Of course, this is irrelevant because of the following

Theorem. All real applications are like the toy problems in which many short runs shines. No real application is like the toy problems in which many short runs sucks.

Proof. Left as an exercise for the many short runs enthusiasts.

Do you really recommend people do only one run?

No. I do lots of runs. Generally, I've done dozens before the code is even debugged, even more in the testing after the last bug is found. Like everyone else, I generally am interested in many different related probability models. If all have more or less the same behavior, all the runs tell you something about all the models. Usually I do more than one run on a single model, a couple of short ones to figure out how long to run and then a really long run to get some accurate answers.

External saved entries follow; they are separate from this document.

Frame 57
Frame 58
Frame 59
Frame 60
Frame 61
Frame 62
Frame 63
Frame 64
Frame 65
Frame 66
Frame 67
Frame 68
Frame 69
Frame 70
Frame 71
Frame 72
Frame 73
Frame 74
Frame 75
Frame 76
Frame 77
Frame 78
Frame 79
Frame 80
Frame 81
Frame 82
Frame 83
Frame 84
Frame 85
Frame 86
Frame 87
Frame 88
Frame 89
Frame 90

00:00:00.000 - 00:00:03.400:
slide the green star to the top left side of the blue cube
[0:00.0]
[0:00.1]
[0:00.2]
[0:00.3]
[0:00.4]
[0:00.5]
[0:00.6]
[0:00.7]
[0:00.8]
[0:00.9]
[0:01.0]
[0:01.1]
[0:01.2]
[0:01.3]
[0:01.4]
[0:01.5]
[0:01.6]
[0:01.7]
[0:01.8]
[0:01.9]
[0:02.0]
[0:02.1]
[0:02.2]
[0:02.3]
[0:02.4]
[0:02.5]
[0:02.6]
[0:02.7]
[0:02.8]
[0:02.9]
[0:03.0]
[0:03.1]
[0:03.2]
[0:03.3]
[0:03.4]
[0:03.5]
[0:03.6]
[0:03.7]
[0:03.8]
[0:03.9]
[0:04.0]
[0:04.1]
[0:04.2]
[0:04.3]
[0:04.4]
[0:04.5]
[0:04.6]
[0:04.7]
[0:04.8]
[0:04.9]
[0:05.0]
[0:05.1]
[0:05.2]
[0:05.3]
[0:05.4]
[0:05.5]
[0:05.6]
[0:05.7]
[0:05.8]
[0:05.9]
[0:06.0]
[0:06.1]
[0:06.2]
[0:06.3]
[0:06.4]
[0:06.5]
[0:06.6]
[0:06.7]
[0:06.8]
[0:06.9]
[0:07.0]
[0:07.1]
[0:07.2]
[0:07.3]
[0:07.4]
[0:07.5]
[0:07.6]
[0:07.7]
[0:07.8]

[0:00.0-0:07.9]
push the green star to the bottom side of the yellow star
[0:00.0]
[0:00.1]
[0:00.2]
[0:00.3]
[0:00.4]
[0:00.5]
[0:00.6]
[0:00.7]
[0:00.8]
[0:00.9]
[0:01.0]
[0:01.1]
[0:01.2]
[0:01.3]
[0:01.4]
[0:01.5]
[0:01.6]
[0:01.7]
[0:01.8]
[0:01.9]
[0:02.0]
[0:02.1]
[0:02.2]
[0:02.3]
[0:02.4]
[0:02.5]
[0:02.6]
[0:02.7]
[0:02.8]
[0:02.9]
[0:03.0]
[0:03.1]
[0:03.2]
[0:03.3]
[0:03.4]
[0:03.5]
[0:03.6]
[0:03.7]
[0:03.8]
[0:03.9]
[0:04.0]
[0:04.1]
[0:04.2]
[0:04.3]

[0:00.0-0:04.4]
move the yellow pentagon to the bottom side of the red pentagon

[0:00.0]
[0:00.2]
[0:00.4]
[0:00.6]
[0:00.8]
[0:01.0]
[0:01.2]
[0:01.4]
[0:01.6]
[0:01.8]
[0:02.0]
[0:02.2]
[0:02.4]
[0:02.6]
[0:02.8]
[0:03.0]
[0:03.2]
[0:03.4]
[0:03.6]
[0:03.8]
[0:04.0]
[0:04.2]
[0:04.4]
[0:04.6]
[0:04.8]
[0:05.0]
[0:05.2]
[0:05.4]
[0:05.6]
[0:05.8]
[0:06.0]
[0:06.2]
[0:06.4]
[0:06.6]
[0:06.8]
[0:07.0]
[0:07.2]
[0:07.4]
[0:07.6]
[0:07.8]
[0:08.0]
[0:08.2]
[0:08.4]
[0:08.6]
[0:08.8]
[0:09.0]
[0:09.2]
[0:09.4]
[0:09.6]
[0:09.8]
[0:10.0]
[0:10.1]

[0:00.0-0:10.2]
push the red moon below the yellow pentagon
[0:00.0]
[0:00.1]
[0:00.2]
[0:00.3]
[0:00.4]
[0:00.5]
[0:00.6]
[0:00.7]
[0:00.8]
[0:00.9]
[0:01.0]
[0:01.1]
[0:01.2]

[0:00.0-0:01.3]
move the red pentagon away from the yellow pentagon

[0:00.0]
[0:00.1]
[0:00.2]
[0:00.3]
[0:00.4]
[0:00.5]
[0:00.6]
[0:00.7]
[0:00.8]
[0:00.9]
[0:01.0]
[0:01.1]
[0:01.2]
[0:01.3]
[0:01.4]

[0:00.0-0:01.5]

But published numbers are averages over one long run. The Monte Carlo standard errors are derived from that one run too. That's all I'm recommending.

Shouldn't I worry about getting wrong answers because of ``nonconvergence''? Yes, I do. But I know that bogus diagnostics are no help. If I'm really worried. I try a better sampler. If the best sampler I can think of hasn't converged in the longest runs I have patience to endure, I'm in big trouble. But then nothing will help (short of perfect sampling, but we don't know how to do that yet in most complicated problems).

We need some woof about diagnostics. Referees, editors, and readers demand it.

This is the lamest reason of all. First, it's false. Many referees, editors, and readers can see through woof about diagnostics. You can get papers published with honest restrained claims.

What I can't understand why anyone wants to emit academic weasel wording that decodes to the following

I only implemented one sampling scheme. I couldn't be bothered to figure out any better ones. I tried some so-called diagnostics that are known to fail in hard problems. They didn't show any nonconvergence.
In other words, if your problem is so easy that anything would work, you're o. k.